We aim to develop biochemical, live cell imaging and EM assays to investigate intracellular Jam-C traffic. Using these assays we will determine the motifs in Jam-C and molecular machinery required. We will then use this information to determine the functional significance of Jam-C trafficking on models of leukocyte transmigration, permeability and angiogenesis.

Impact Summary
The research will define novel trafficking pathways that will provide a means to regulate the known functions of the junctional adhesion receptor, Jam-C. Not only will this provide the ground work for future in vivo work it will highlight molecules that could potentially be novel drug targets for the control of inflammation.

The beneficiaries are:

1. The General public-The receptor Jam-C has been implicated in a number of inflammatory disease states including rheumatoid arthritis, peritonitis, pulmonary inflammation, atherosclerosis and ischaemia reperfusion injury. Novel means of targeting and controlling receptor function by perturbing its trafficking will potentially provide drug targets for the control of inflammation. This is a long-term goal, but the potential for impact will be maximised when the Centre's expertise in the imaging of the vasculature in vivo is taken into account. This means promising leads can be very quickly translated into a more physiologically relevant context.

2. Private sector-Any promising targets for new drugs will be of potential interest to the public sector. But such research has the potential to stimulate investment from companies and University spin-offs (in the UK and overseas). We will ensure that any likely targets are patented using the QMUL technology transfer office (Queen Mary innovation). QMI has already overseen the development of a number of spin out companies including Activiomics and PhosphonicS.

3. The UK government-Inflammatory disorders and heart disease presents a major burden to the health service.

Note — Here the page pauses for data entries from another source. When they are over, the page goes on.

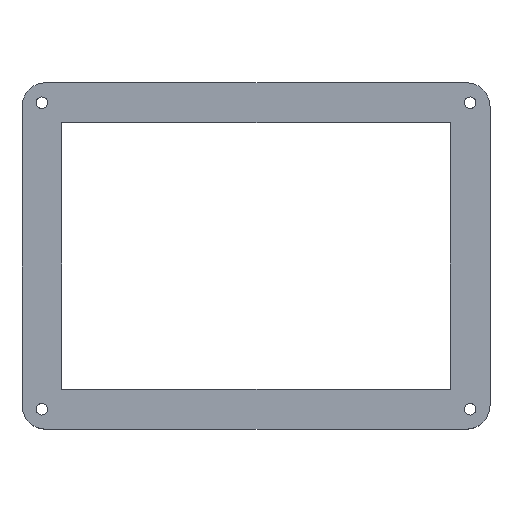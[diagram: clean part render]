
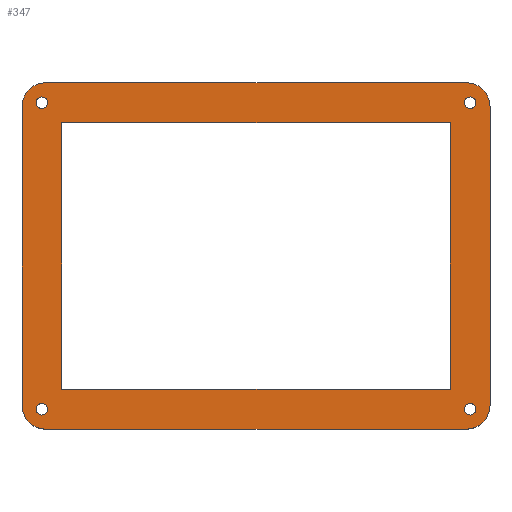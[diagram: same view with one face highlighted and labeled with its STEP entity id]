
A CAD part, top view. The second image highlights one B-rep face of the part: STEP entity #347.
In plain terms, the highlighted planar face has unit normal (0, 0, 1).
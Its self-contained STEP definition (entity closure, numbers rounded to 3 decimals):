
#15=FACE_BOUND('',#56,.T.);
#16=FACE_BOUND('',#57,.T.);
#17=FACE_BOUND('',#58,.T.);
#18=FACE_BOUND('',#59,.T.);
#19=FACE_BOUND('',#60,.T.);
#26=PLANE('',#369);
#37=FACE_OUTER_BOUND('',#55,.T.);
#55=EDGE_LOOP('',(#249,#250,#251,#252,#253,#254,#255,#256));
#56=EDGE_LOOP('',(#257));
#57=EDGE_LOOP('',(#258));
#58=EDGE_LOOP('',(#259,#260,#261,#262));
#59=EDGE_LOOP('',(#263));
#60=EDGE_LOOP('',(#264));
#83=LINE('',#513,#115);
#86=LINE('',#519,#118);
#87=LINE('',#523,#119);
#88=LINE('',#527,#120);
#89=LINE('',#535,#121);
#90=LINE('',#537,#122);
#91=LINE('',#539,#123);
#92=LINE('',#540,#124);
#115=VECTOR('',#411,10.);
#118=VECTOR('',#416,10.);
#119=VECTOR('',#419,10.);
#120=VECTOR('',#422,10.);
#121=VECTOR('',#429,10.);
#122=VECTOR('',#430,10.);
#123=VECTOR('',#431,10.);
#124=VECTOR('',#432,10.);
#145=CIRCLE('',#366,6.);
#147=CIRCLE('',#370,6.);
#148=CIRCLE('',#371,6.);
#149=CIRCLE('',#372,6.);
#150=CIRCLE('',#373,1.45);
#151=CIRCLE('',#374,1.45);
#152=CIRCLE('',#375,1.45);
#153=CIRCLE('',#376,1.45);
#161=VERTEX_POINT('',#503);
#162=VERTEX_POINT('',#504);
#165=VERTEX_POINT('',#512);
#167=VERTEX_POINT('',#518);
#168=VERTEX_POINT('',#520);
#169=VERTEX_POINT('',#522);
#170=VERTEX_POINT('',#524);
#171=VERTEX_POINT('',#526);
#172=VERTEX_POINT('',#529);
#173=VERTEX_POINT('',#531);
#174=VERTEX_POINT('',#533);
#175=VERTEX_POINT('',#534);
#176=VERTEX_POINT('',#536);
#177=VERTEX_POINT('',#538);
#178=VERTEX_POINT('',#541);
#179=VERTEX_POINT('',#543);
#193=EDGE_CURVE('',#161,#162,#145,.T.);
#197=EDGE_CURVE('',#165,#162,#83,.T.);
#200=EDGE_CURVE('',#161,#167,#86,.T.);
#201=EDGE_CURVE('',#168,#167,#147,.T.);
#202=EDGE_CURVE('',#168,#169,#87,.T.);
#203=EDGE_CURVE('',#170,#169,#148,.T.);
#204=EDGE_CURVE('',#170,#171,#88,.T.);
#205=EDGE_CURVE('',#165,#171,#149,.T.);
#206=EDGE_CURVE('',#172,#172,#150,.T.);
#207=EDGE_CURVE('',#173,#173,#151,.T.);
#208=EDGE_CURVE('',#174,#175,#89,.T.);
#209=EDGE_CURVE('',#175,#176,#90,.T.);
#210=EDGE_CURVE('',#176,#177,#91,.T.);
#211=EDGE_CURVE('',#177,#174,#92,.T.);
#212=EDGE_CURVE('',#178,#178,#152,.T.);
#213=EDGE_CURVE('',#179,#179,#153,.T.);
#249=ORIENTED_EDGE('',*,*,#193,.F.);
#250=ORIENTED_EDGE('',*,*,#200,.T.);
#251=ORIENTED_EDGE('',*,*,#201,.F.);
#252=ORIENTED_EDGE('',*,*,#202,.T.);
#253=ORIENTED_EDGE('',*,*,#203,.F.);
#254=ORIENTED_EDGE('',*,*,#204,.T.);
#255=ORIENTED_EDGE('',*,*,#205,.F.);
#256=ORIENTED_EDGE('',*,*,#197,.T.);
#257=ORIENTED_EDGE('',*,*,#206,.T.);
#258=ORIENTED_EDGE('',*,*,#207,.T.);
#259=ORIENTED_EDGE('',*,*,#208,.T.);
#260=ORIENTED_EDGE('',*,*,#209,.T.);
#261=ORIENTED_EDGE('',*,*,#210,.T.);
#262=ORIENTED_EDGE('',*,*,#211,.T.);
#263=ORIENTED_EDGE('',*,*,#212,.T.);
#264=ORIENTED_EDGE('',*,*,#213,.T.);
#347=ADVANCED_FACE('',(#37,#15,#16,#17,#18,#19),#26,.T.);
#366=AXIS2_PLACEMENT_3D('',#505,#403,#404);
#369=AXIS2_PLACEMENT_3D('',#517,#414,#415);
#370=AXIS2_PLACEMENT_3D('',#521,#417,#418);
#371=AXIS2_PLACEMENT_3D('',#525,#420,#421);
#372=AXIS2_PLACEMENT_3D('',#528,#423,#424);
#373=AXIS2_PLACEMENT_3D('',#530,#425,#426);
#374=AXIS2_PLACEMENT_3D('',#532,#427,#428);
#375=AXIS2_PLACEMENT_3D('',#542,#433,#434);
#376=AXIS2_PLACEMENT_3D('',#544,#435,#436);
#403=DIRECTION('center_axis',(0.,0.,-1.));
#404=DIRECTION('ref_axis',(-0.707,0.707,0.));
#411=DIRECTION('',(-1.,0.,0.));
#414=DIRECTION('center_axis',(0.,0.,1.));
#415=DIRECTION('ref_axis',(1.,0.,0.));
#416=DIRECTION('',(0.,-1.,0.));
#417=DIRECTION('center_axis',(0.,0.,-1.));
#418=DIRECTION('ref_axis',(-0.707,-0.707,0.));
#419=DIRECTION('',(1.,0.,0.));
#420=DIRECTION('center_axis',(0.,0.,-1.));
#421=DIRECTION('ref_axis',(0.707,-0.707,0.));
#422=DIRECTION('',(0.,1.,0.));
#423=DIRECTION('center_axis',(0.,0.,-1.));
#424=DIRECTION('ref_axis',(0.707,0.707,0.));
#425=DIRECTION('center_axis',(0.,0.,-1.));
#426=DIRECTION('ref_axis',(1.,0.,0.));
#427=DIRECTION('center_axis',(0.,0.,-1.));
#428=DIRECTION('ref_axis',(1.,0.,0.));
#429=DIRECTION('',(-1.,0.,0.));
#430=DIRECTION('',(0.,1.,0.));
#431=DIRECTION('',(1.,0.,0.));
#432=DIRECTION('',(0.,-1.,0.));
#433=DIRECTION('center_axis',(0.,0.,-1.));
#434=DIRECTION('ref_axis',(1.,0.,0.));
#435=DIRECTION('center_axis',(0.,0.,-1.));
#436=DIRECTION('ref_axis',(1.,0.,0.));
#503=CARTESIAN_POINT('',(-17.263,-45.597,6.));
#504=CARTESIAN_POINT('',(-11.263,-39.597,6.));
#505=CARTESIAN_POINT('Origin',(-11.263,-45.597,6.));
#512=CARTESIAN_POINT('',(94.368,-39.597,6.));
#513=CARTESIAN_POINT('',(-17.263,-39.597,6.));
#517=CARTESIAN_POINT('Origin',(41.552,-83.125,6.));
#518=CARTESIAN_POINT('',(-17.263,-120.653,6.));
#519=CARTESIAN_POINT('',(-17.263,-126.653,6.));
#520=CARTESIAN_POINT('',(-11.263,-126.653,6.));
#521=CARTESIAN_POINT('Origin',(-11.263,-120.653,6.));
#522=CARTESIAN_POINT('',(94.368,-126.653,6.));
#523=CARTESIAN_POINT('',(100.368,-126.653,6.));
#524=CARTESIAN_POINT('',(100.368,-120.653,6.));
#525=CARTESIAN_POINT('Origin',(94.368,-120.653,6.));
#526=CARTESIAN_POINT('',(100.368,-45.597,6.));
#527=CARTESIAN_POINT('',(100.368,-39.597,6.));
#528=CARTESIAN_POINT('Origin',(94.368,-45.597,6.));
#529=CARTESIAN_POINT('',(-13.713,-121.653,6.));
#530=CARTESIAN_POINT('Origin',(-12.263,-121.653,6.));
#531=CARTESIAN_POINT('',(93.918,-121.653,6.));
#532=CARTESIAN_POINT('Origin',(95.368,-121.653,6.));
#533=CARTESIAN_POINT('',(90.368,-116.653,6.));
#534=CARTESIAN_POINT('',(-7.263,-116.653,6.));
#535=CARTESIAN_POINT('',(90.368,-116.653,6.));
#536=CARTESIAN_POINT('',(-7.263,-49.597,6.));
#537=CARTESIAN_POINT('',(-7.263,-116.653,6.));
#538=CARTESIAN_POINT('',(90.368,-49.597,6.));
#539=CARTESIAN_POINT('',(-7.263,-49.597,6.));
#540=CARTESIAN_POINT('',(90.368,-49.597,6.));
#541=CARTESIAN_POINT('',(93.918,-44.597,6.));
#542=CARTESIAN_POINT('Origin',(95.368,-44.597,6.));
#543=CARTESIAN_POINT('',(-13.713,-44.597,6.));
#544=CARTESIAN_POINT('Origin',(-12.263,-44.597,6.));
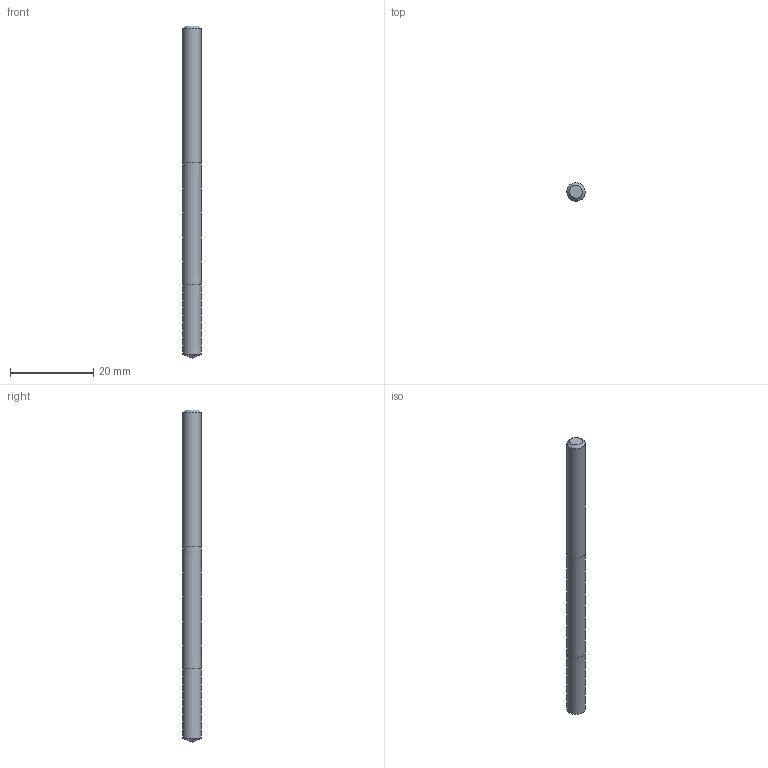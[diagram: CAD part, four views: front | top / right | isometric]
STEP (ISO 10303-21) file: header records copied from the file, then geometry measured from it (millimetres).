
FILE_DESCRIPTION(/* description */ ('2ACO4.4'),/* implementation_level */ '2;1');
FILE_NAME(/* name */ 'CAPP~~210913132411~6000714~MOD~TM01_00~ISO~FR.STP',/* time_stamp */ '2021-09-13T13:25:03+02:00',/* author */ ('System'),/* organization */ ('Dormer Pramet'),/* preprocessor_version */ 'ST-DEVELOPER v16.7',/* originating_system */ 'SIEMENS PLM Software NX 12.0',/* authorisation */ '');
FILE_SCHEMA (('AUTOMOTIVE_DESIGN { 1 0 10303 214 3 1 1 1 }'));
Length unit declared in the file: millimetre
Products named in the file (1): CAPP~~210913132411~6000714~MOD~TM01_00~ISO~FR
Bounding box: 4.4 x 4.4 x 80 mm (x, y, z)
Volume: 1204.3 mm3; surface area: 1149.5 mm2
Topology: 2 solids, 2 shells, 9 faces, 16 edges, 13 vertices
Faces by surface type: plane 4, cone 4, cylinder 1
Full cylindrical faces by diameter (mm): 4.4 x1
Entity records: 246 total; most frequent: DIRECTION 40, CARTESIAN_POINT 36, AXIS2_PLACEMENT_3D 20, EDGE_LOOP 14, ORIENTED_EDGE 14, FACE_BOUND 12, ADVANCED_FACE 9, VERTEX_POINT 8
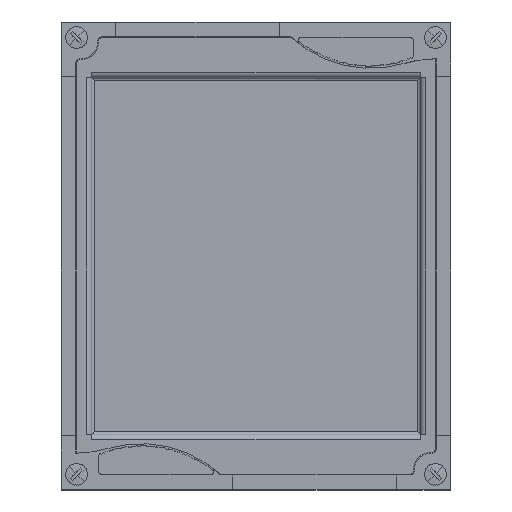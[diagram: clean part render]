
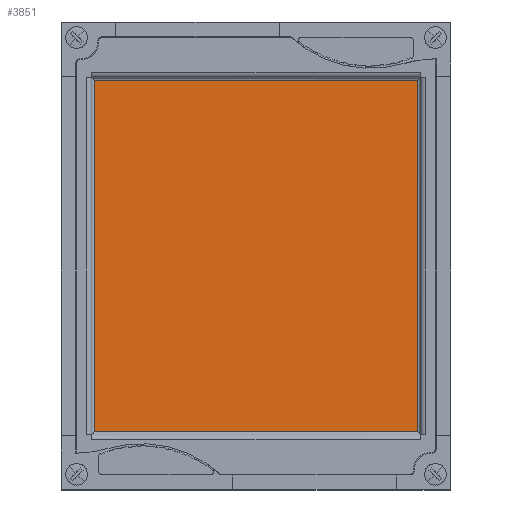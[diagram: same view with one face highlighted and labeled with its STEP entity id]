
A CAD part, top view. The second image highlights one B-rep face of the part: STEP entity #3851.
In plain terms, the highlighted planar face has unit normal (0, 0, 1).
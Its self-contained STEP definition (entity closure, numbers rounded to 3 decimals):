
#3851=ADVANCED_FACE('',(#7870),#7871,.T.);
#7870=FACE_OUTER_BOUND('',#12094,.T.);
#7871=PLANE('',#12095);
#12094=EDGE_LOOP('',(#23503,#23504,#23505,#23506));
#12095=AXIS2_PLACEMENT_3D('',#23507,#23508,#23509);
#23503=ORIENTED_EDGE('',*,*,#30088,.T.);
#23504=ORIENTED_EDGE('',*,*,#30183,.F.);
#23505=ORIENTED_EDGE('',*,*,#30126,.F.);
#23506=ORIENTED_EDGE('',*,*,#30178,.T.);
#23507=CARTESIAN_POINT('',(125.0,35.85,109.3));
#23508=DIRECTION('',(0.0,0.0,1.0));
#23509=DIRECTION('',(0.0,-1.0,0.0));
#30088=EDGE_CURVE('',#37263,#37260,#37264,.T.);
#30126=EDGE_CURVE('',#37318,#37316,#37320,.T.);
#30178=EDGE_CURVE('',#37318,#37263,#37399,.T.);
#30183=EDGE_CURVE('',#37316,#37260,#37404,.T.);
#37260=VERTEX_POINT('',#47511);
#37263=VERTEX_POINT('',#47514);
#37264=LINE('',#47515,#47516);
#37316=VERTEX_POINT('',#47583);
#37318=VERTEX_POINT('',#47585);
#37320=LINE('',#47587,#47588);
#37399=LINE('',#47689,#47690);
#37404=LINE('',#47697,#47698);
#47511=CARTESIAN_POINT('',(21.35,262.65,109.3));
#47514=CARTESIAN_POINT('',(228.65,262.65,109.3));
#47515=CARTESIAN_POINT('',(125.0,262.65,109.3));
#47516=VECTOR('',#54248,1.0);
#47583=CARTESIAN_POINT('',(21.35,37.35,109.3));
#47585=CARTESIAN_POINT('',(228.65,37.35,109.3));
#47587=CARTESIAN_POINT('',(125.0,37.35,109.3));
#47588=VECTOR('',#54303,1.0);
#47689=CARTESIAN_POINT('',(228.65,35.85,109.3));
#47690=VECTOR('',#54377,1.0);
#47697=CARTESIAN_POINT('',(21.35,35.85,109.3));
#47698=VECTOR('',#54380,1.0);
#54248=DIRECTION('',(-1.0,0.0,0.0));
#54303=DIRECTION('',(-1.0,0.0,0.0));
#54377=DIRECTION('',(0.0,1.0,0.0));
#54380=DIRECTION('',(0.0,1.0,0.0));
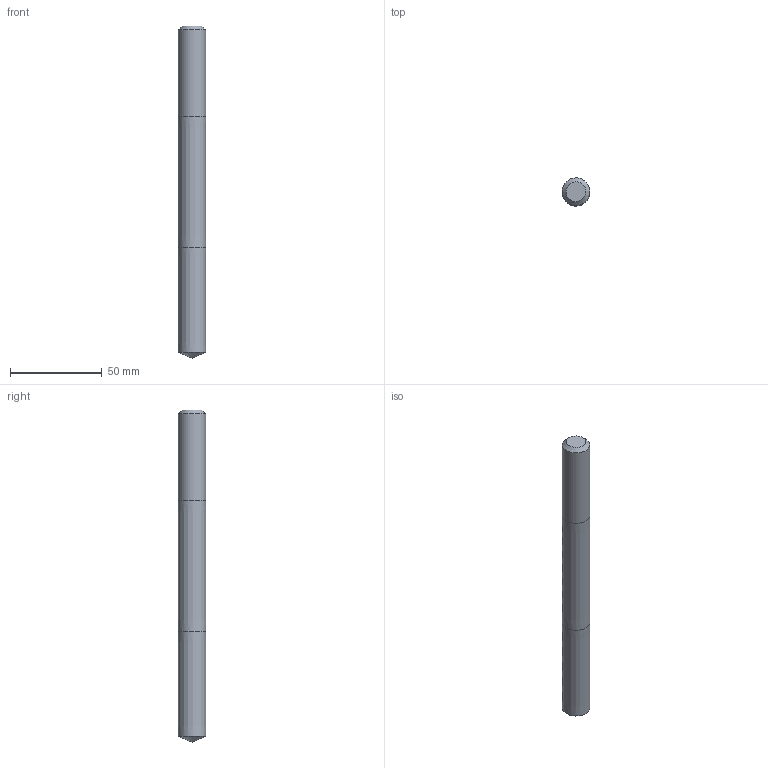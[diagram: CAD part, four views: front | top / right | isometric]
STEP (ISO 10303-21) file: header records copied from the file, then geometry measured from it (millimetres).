
FILE_DESCRIPTION(/* description */ ('QC21P19/32'),/* implementation_level */ '2;1');
FILE_NAME(/* name */ 'CAPP~~210917080120~5997141~MOD~TM01_00~ISO~FR.STP',/* time_stamp */ '2021-09-17T08:02:30+02:00',/* author */ ('System'),/* organization */ ('Dormer Pramet'),/* preprocessor_version */ 'ST-DEVELOPER v16.7',/* originating_system */ 'SIEMENS PLM Software NX 12.0',/* authorisation */ '');
FILE_SCHEMA (('AUTOMOTIVE_DESIGN { 1 0 10303 214 3 1 1 1 }'));
Length unit declared in the file: millimetre
Products named in the file (1): CAPP~~210917080120~5997141~MOD~TM01_00~ISO~FR
Bounding box: 15.06 x 15.06 x 180.97 mm (x, y, z)
Volume: 31859.2 mm3; surface area: 9089.8 mm2
Topology: 2 solids, 2 shells, 9 faces, 16 edges, 13 vertices
Faces by surface type: plane 4, cone 4, cylinder 1
Full cylindrical faces by diameter (mm): 15.083 x1
Entity records: 246 total; most frequent: DIRECTION 40, CARTESIAN_POINT 36, AXIS2_PLACEMENT_3D 20, EDGE_LOOP 14, ORIENTED_EDGE 14, FACE_BOUND 12, ADVANCED_FACE 9, VERTEX_POINT 8
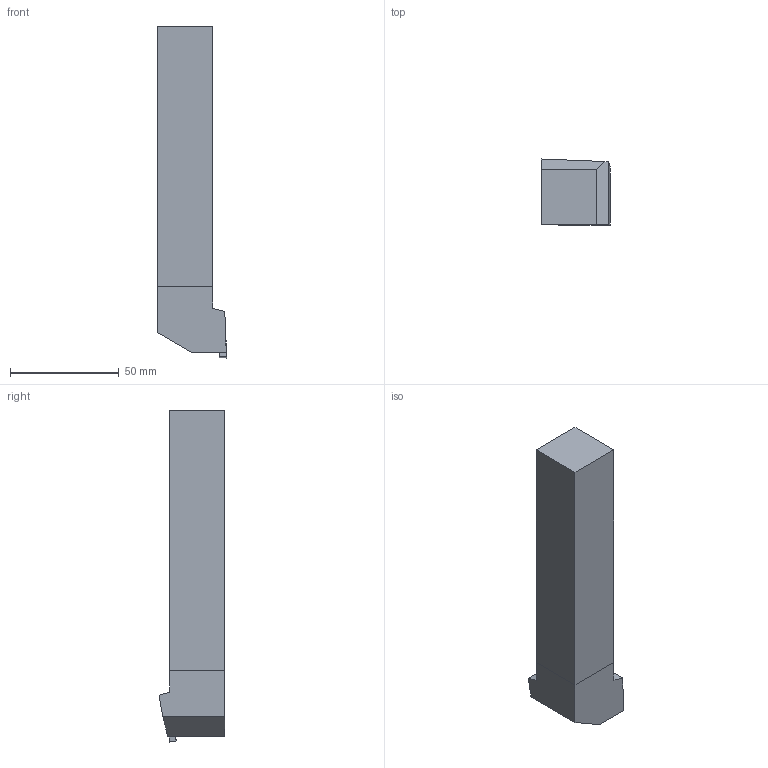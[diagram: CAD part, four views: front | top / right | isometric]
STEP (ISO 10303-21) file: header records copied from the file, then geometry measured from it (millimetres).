
FILE_DESCRIPTION(/* description */ (''),/* implementation_level */ '2;1');
FILE_NAME(/* name */ 'CEL1006-10Q.stp',/* time_stamp */ '2018-03-29T15:43:53+05:00',/* author */ (''),/* organization */ (''),/* preprocessor_version */ 'ST-DEVELOPER v16',/* originating_system */ 'SIEMENS PLM Software NX 11.0',/* authorisation */ '');
FILE_SCHEMA (('AUTOMOTIVE_DESIGN { 1 0 10303 214 3 1 1 1 }'));
Length unit declared in the file: millimetre
Products named in the file (1): CEL1006-10Q
Bounding box: 31.75 x 30.28 x 152.4 mm (x, y, z)
Volume: 98558.8 mm3; surface area: 18356.4 mm2
Topology: 3 solids, 3 shells, 32 faces, 77 edges, 51 vertices
Faces by surface type: plane 31, cylinder 1
Entity records: 987 total; most frequent: CARTESIAN_POINT 164, ORIENTED_EDGE 154, DIRECTION 151, EDGE_CURVE 77, LINE 75, VECTOR 75, VERTEX_POINT 51, AXIS2_PLACEMENT_3D 38

Any new drug targets found could be potentially important in terms of public health but also from an economic perspective.

4. The UK economy (transferable skills)- The PDRA hired for this position along with any students that are carrying out research in the laboratory will get extensive training in molecular cell biology, high end imaging techniques and electron microscopy. Such transferable skills would be very important both in the public sector in terms of academic research but also in carrying out science in the private sector.